Note that several of these already have known positive effects on Alzheimer’s or dementia.
Beta-hydroxybutyrate (BHB), which is generated naturally when in ketosis, decreases NLRP3 inflammasome activation. This could be why a ketogenic diet can be helpful in Alzheimer’s disease and other neuroinflammatory disorders. [ref][ref][ref]
Fasting or a very low-carb diet increases beta-hydroxybutyrate levels naturally. There are also supplements available, called ketone salts or BHB. Most come in powdered form as drink mixes with strong flavors to cover up the taste of BHB.
Betaine, also called TMG, is a form of choline that is important in brain health. Cell studies in Alzheimer’s brain cells show that betaine reduces inflammation by inhibiting the activation of the NLRP3 inflammasome.[ref] Betaine is found in foods like beets, spinach, wheat germ, rye, oat bran, and shrimp. It’s also readily available as a supplement. Look for TMG or betaine anhydrous on the label - not betaine HCl.
Vinpocetine inhibits the activation of the NLRP3 inflammasome. In animals, vinpocetine reduced inflammation from amyloid beta by blocking NLRP3 activation.[ref] Vinpocetine is available as a supplement, but it’s not something that I have any experience with. Be sure to check for interactions with medications.
Aspirin is an NSAID that inhibits NLRP3. Aspirin is also unique in that it can help with the formation of pro-resolving mediators, such as resolving D1, which tamps down NLRP3 inflammasome activation. In this case, it would be the combination of aspirin plus DHA from fish oil. Quercetin is another natural supplement that blocks NLRP3 activation. An animal study showed that the combination of aspirin and quercetin was more effective than either alone in reducing NLRP3 inflammasome activation.[ref][ref][ref][ref] Obviously, low-dose daily aspirin is not for everyone, so talk with your doctor if you have questions about it. However, if you are a good candidate for taking aspirin at least periodically, you could consider stacking it with DHA/EPA or with quercetin.

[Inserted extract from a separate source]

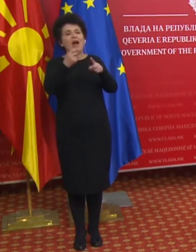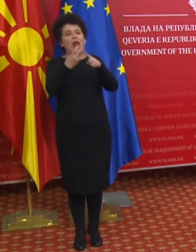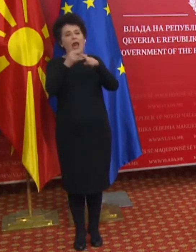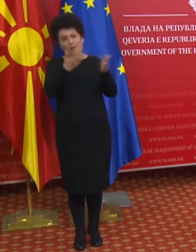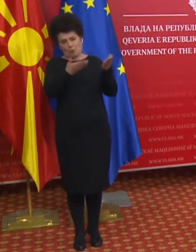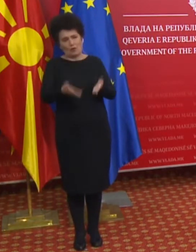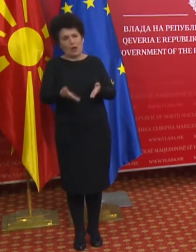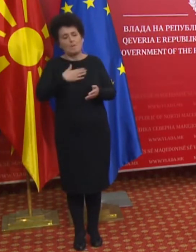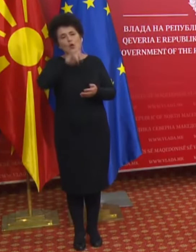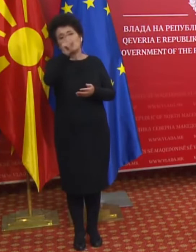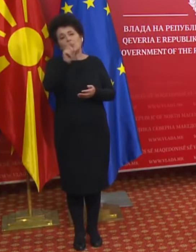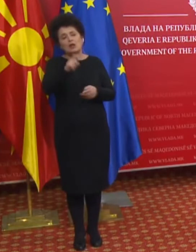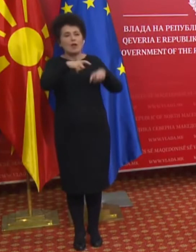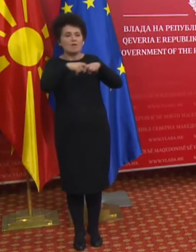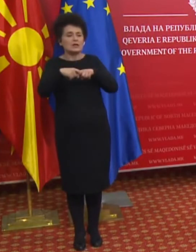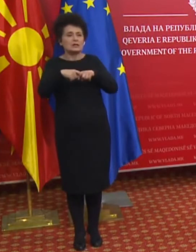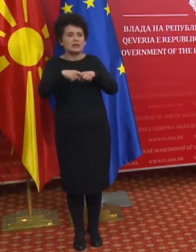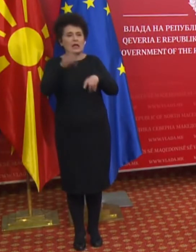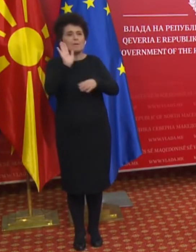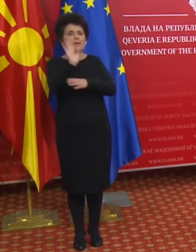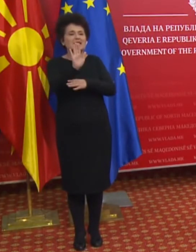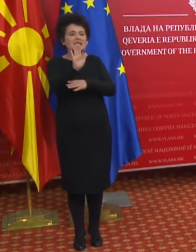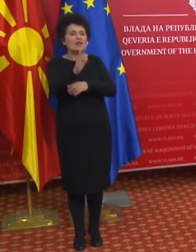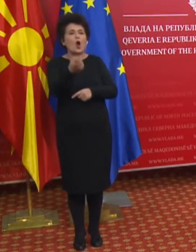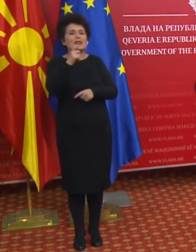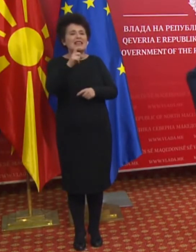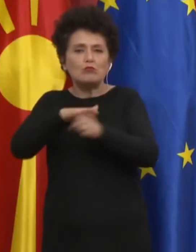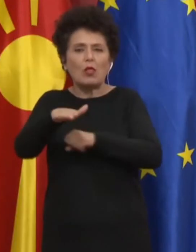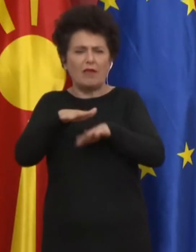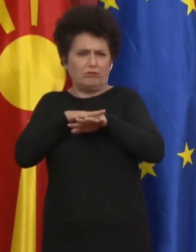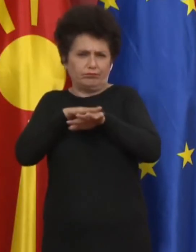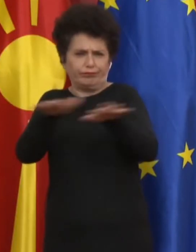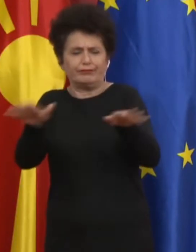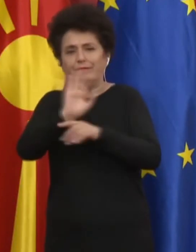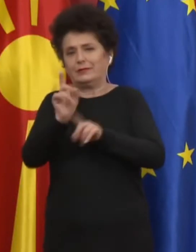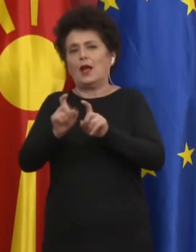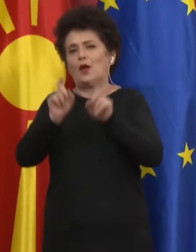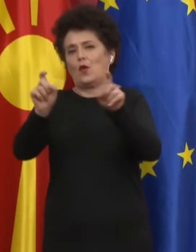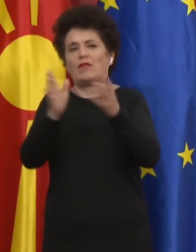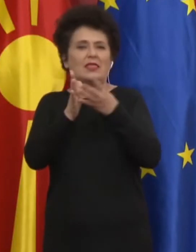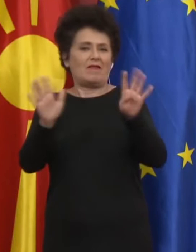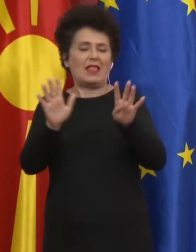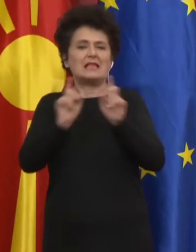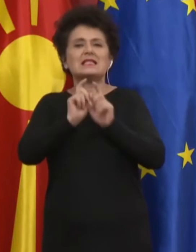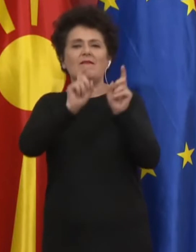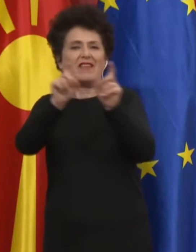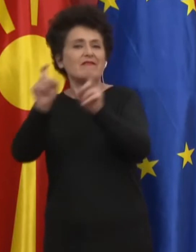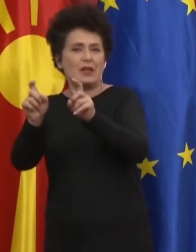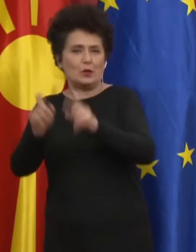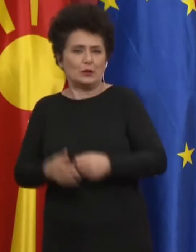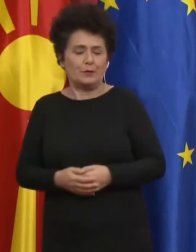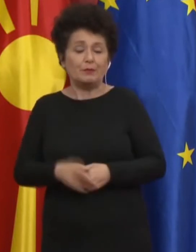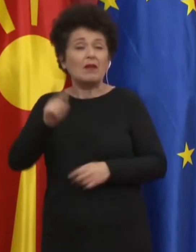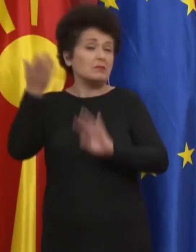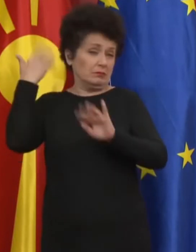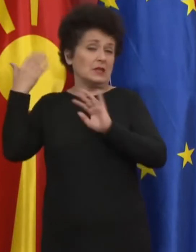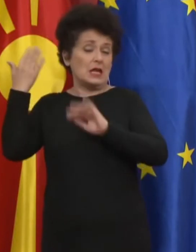sotë do të ndrohet, deklaroj Venko Filipqe, minister i shëndetsis. Ka shtuar se gjithë gjithë kësaj periude, Komisionit për sëmundje një

Curcumin has been shown in studies to reduce NLRP3 activation in the hippocampus.[ref][ref] Curcumin is readily available as a supplement. You can get it in capsules or in softgels that include coconut oil for better absorption.

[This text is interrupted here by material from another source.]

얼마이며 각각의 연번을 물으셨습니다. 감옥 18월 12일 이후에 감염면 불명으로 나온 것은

Glycyrrhizin and isoliquirtigenin from licorice root are also natural inhibitors of NLRP3.[ref] Licorice root is available as an extract, or you can use the dried version to make licorice tea. This is a nice option if you like the flavor of licorice.
In addition to the antiretrovirals from the new study, other current medications may decrease NLRP3 inflammasome activation. For example, GLP-1 receptor agonists, such as Ozympic/Wegovy, decrease NLRP3 and amyloid-beta in animal models of asthma. GLP-1 RAs have also been shown to decrease the risk of Alzheimer’s in diabetic patients.[ref] [ref] SGLT2 inhibitors, another type of diabetes medication, have also has been shown to reduce amyloid beta and tau tangles through inhibiting NLRP3.[ref]
What are the drawbacks to blocking NLRP3?
The NLRP3 inflammasome is an important part of the immune response to certain pathogens, but there is also a lot of redundancy built into our immune system when it comes to most bacterial and viral pathogens. Infections with parasites are one area where the NLRP3 inflammasome may be more critical. For example, Toxoplasma gondii infection (from cat feces) activates NLRP3.[ref]
Conclusion:
More studies need to be done to determine the best timing and amount of NLRP3 inhibition. However, the study showing the overall reduction in Alzheimer’s risk with anti-retrovirals is a strong indicator that longer-term inhibition of NLRP3 is effective in reducing the risk of Alzheimer’s significantly. I would also love to see this type of analysis broken out by APOE genotype.